This project documents my experience building a production-grade Zero Trust Architecture deployed
entirely through Terraform Infrastructure as Code. The goal was to implement NIST SP 800-207
principles — default deny, continuous verification, microsegmentation — in a 13-container
stack that provisions with a single terraform apply command and destroys in 30 seconds.
Architecture Overview
The architecture implements five Zero Trust planes, each managed by Terraform:
- Identity Plane — Keycloak HA (2 nodes) behind nginx TLS load balancer, backed by PostgreSQL. Issues JWT tokens for every request.
- Certificate Plane — step-ca private CA with ACME protocol. Issues and auto-renews TLS certificates for the service mesh.
- Policy Plane — OPA with Rego policies served via bundle server (GitOps pattern). Default deny on every request.
- Secrets Plane — AWS Secrets Manager stores all credentials. Zero hardcoded passwords in code or config.
- Observability Plane — AWS CloudWatch alarms, logs, and metrics for continuous monitoring.
Keycloak HA Identity Cluster
Two Keycloak nodes behind an nginx TLS load balancer, backed by PostgreSQL. Infinispan TCP clustering enables session replication — if one node dies, the other serves requests without session loss. The nginx load balancer terminates TLS using a Terraform-generated self-signed certificate.

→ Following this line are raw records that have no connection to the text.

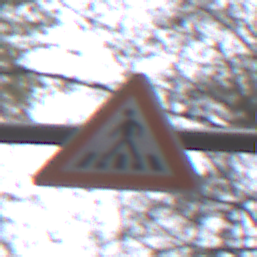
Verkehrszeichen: FussgaengerueberwegRechts
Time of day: MorningAfternoon
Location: Outdoor (Nature)
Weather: Overcast
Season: Autumn
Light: Natural
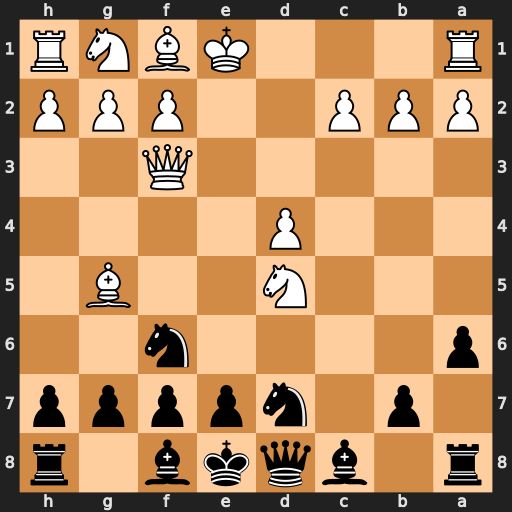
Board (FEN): r1bqkb1r/1p1npppp/p4n2/3N2B1/3P4/5Q2/PPP2PPP/R3KBNR
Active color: b
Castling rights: KQkq
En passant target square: -
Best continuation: Qa5+ Bd2 Qxd5 Qxd5 Nxd5
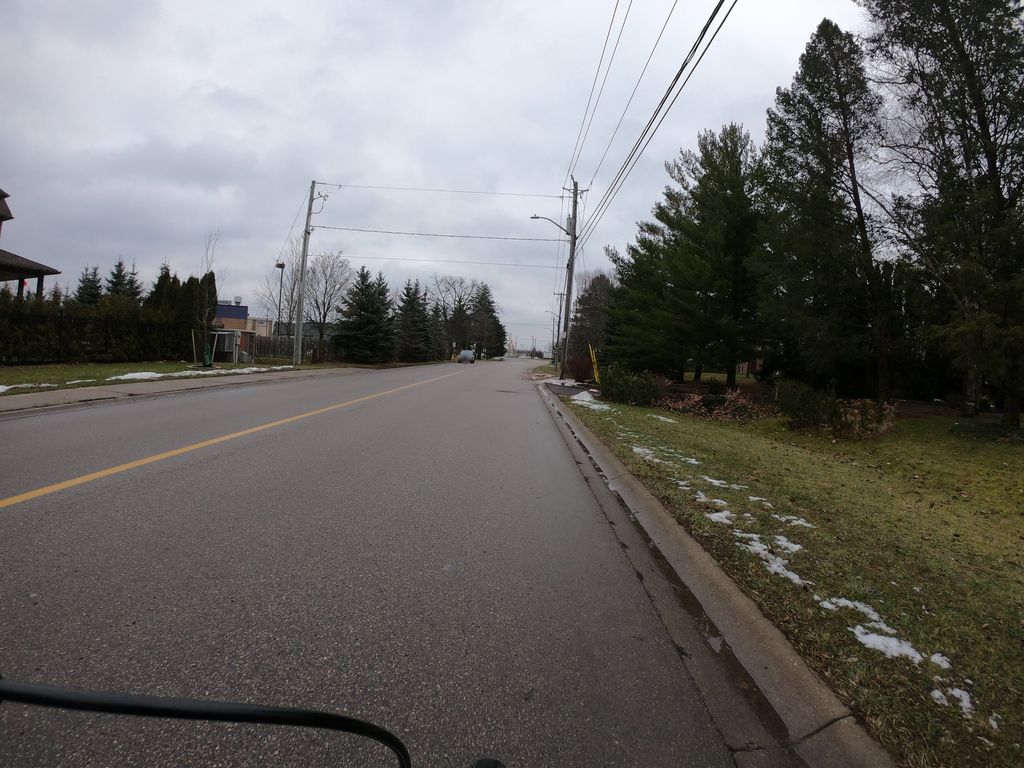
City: kitchener-waterloo
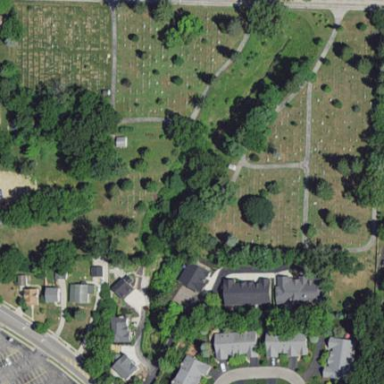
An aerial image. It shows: Cemetery.
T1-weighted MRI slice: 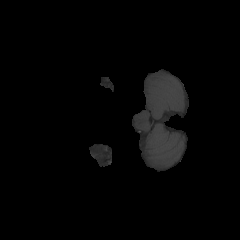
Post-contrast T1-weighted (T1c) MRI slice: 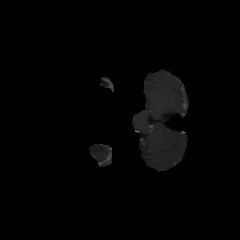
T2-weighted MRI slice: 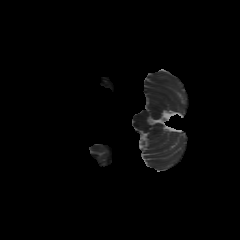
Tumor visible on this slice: no
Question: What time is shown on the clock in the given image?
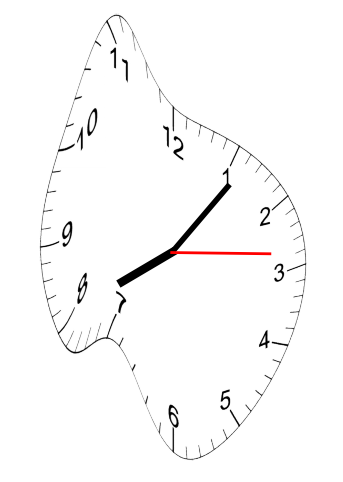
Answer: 08:06:14
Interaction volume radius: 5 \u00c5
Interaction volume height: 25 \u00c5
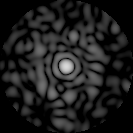
Disorder parameter: 0.8077
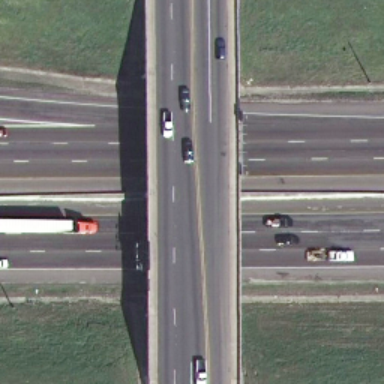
An overpass with a road go across another roads vertically .

resource "docker_container" "keycloak_1" { name = "keycloak-1" image = docker_image.keycloak.image_id command = ["start"] # NOT --optimized (see warning below) env = [ "KC_DB=postgres", "KC_DB_URL=jdbc:postgresql://keycloak-db:5432/keycloak", "KC_HOSTNAME_STRICT=false", "KC_PROXY_HEADERS=xforwarded", "KC_HTTP_ENABLED=true", "KC_HEALTH_ENABLED=true", "KC_CACHE=ispn", "KC_CACHE_STACK=tcp", # Infinispan clustering for HA "KEYCLOAK_ADMIN=admin", "KEYCLOAK_ADMIN_PASSWORD=${var.keycloak_admin_password}", ] }
command = ["start", "--optimized"] skips the build step, so KC_DB=postgres is silently ignored and Keycloak crash-loops trying to parse a PostgreSQL URL as H2. Always use command = ["start"] with stock images.

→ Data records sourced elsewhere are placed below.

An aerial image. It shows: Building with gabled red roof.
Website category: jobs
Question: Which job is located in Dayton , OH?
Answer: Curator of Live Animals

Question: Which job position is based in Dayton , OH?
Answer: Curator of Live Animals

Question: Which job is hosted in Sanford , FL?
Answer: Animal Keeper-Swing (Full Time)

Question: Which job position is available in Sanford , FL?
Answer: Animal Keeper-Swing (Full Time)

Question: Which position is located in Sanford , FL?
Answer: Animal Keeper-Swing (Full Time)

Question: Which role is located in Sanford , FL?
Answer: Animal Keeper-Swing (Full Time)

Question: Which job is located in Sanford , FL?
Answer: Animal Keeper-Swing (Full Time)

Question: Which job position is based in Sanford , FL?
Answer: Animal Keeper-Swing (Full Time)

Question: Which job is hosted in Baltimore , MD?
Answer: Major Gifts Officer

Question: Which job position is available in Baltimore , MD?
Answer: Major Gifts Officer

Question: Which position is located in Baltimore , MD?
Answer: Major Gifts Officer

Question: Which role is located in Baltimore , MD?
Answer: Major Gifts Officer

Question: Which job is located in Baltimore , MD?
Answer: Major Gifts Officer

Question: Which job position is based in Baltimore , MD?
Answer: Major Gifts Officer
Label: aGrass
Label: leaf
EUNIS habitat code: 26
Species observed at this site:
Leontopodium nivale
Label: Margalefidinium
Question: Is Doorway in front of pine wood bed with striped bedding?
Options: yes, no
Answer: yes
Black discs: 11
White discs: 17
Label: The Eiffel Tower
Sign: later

Envoy Service Mesh & Sidecar Pattern
Each microservice runs with an Envoy sidecar proxy sharing the same network namespace via
Docker’s network_mode = "container:${...}".

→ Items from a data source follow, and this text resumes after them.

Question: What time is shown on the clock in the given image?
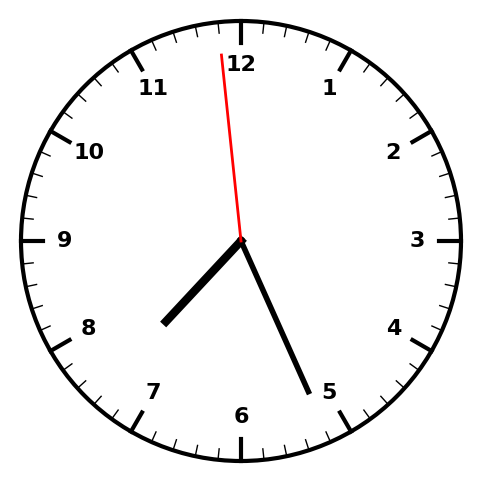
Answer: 07:25:59
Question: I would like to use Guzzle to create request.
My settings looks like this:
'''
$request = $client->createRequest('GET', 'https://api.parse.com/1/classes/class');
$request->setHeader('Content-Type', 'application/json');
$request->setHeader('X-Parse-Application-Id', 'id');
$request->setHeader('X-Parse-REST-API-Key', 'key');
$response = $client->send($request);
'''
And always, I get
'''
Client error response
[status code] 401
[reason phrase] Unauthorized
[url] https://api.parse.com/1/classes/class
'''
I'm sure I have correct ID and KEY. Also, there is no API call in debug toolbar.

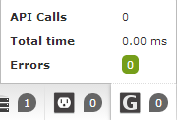
Answer: when i access the url it prompts me with basic auth
so i think you have to do sth like
'''
$request->setAuth($user, $pass);
'''
before sending
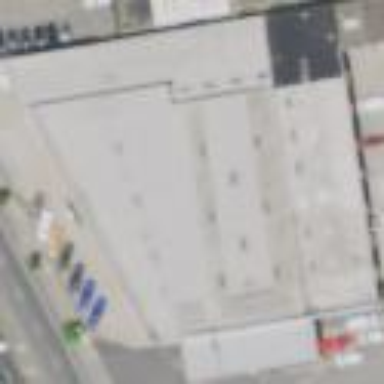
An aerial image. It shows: Building housing car shop.
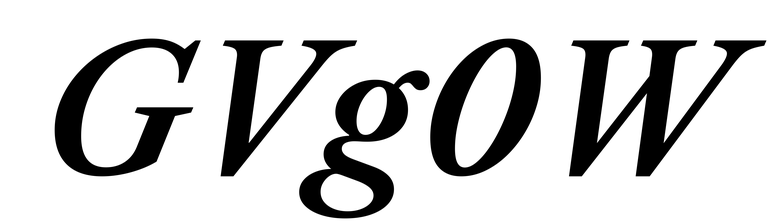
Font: LibreCaslonText-Italic_SemiBold_Italic

The sidecar handles TLS termination, authorization, and routing — the application code
never touches security. This is the same pattern used by Istio and AWS App Mesh in production.
# Parent container owns the network namespace and ports resource "docker_container" "api_gateway" { name = "api-gateway" image = docker_image.api_gateway.image_id ports { internal = 9443 external = 9443 } networks_advanced { name = data.docker_network.mesh.id } } # Envoy sidecar shares parent's network — no ports here resource "docker_container" "envoy_gw" { name = "envoy-api-gateway" image = docker_image.envoy.image_id network_mode = "container:${docker_container.api_gateway.id}" depends_on = [docker_container.api_gateway] }
network_mode = "container:..." shares the network namespace. The sidecar has no network of its own — publishing ports on it causes a “conflicting options” error. All ports must be declared on the parent container.
OPA Policy Engine
Open Policy Agent evaluates every request against Rego policies distributed via a bundle server. The bundle is a tarball served by nginx — update the Rego file in Git, rebuild the bundle, and OPA picks up the new policy automatically within 10–30 seconds. This is the GitOps pattern for policy management.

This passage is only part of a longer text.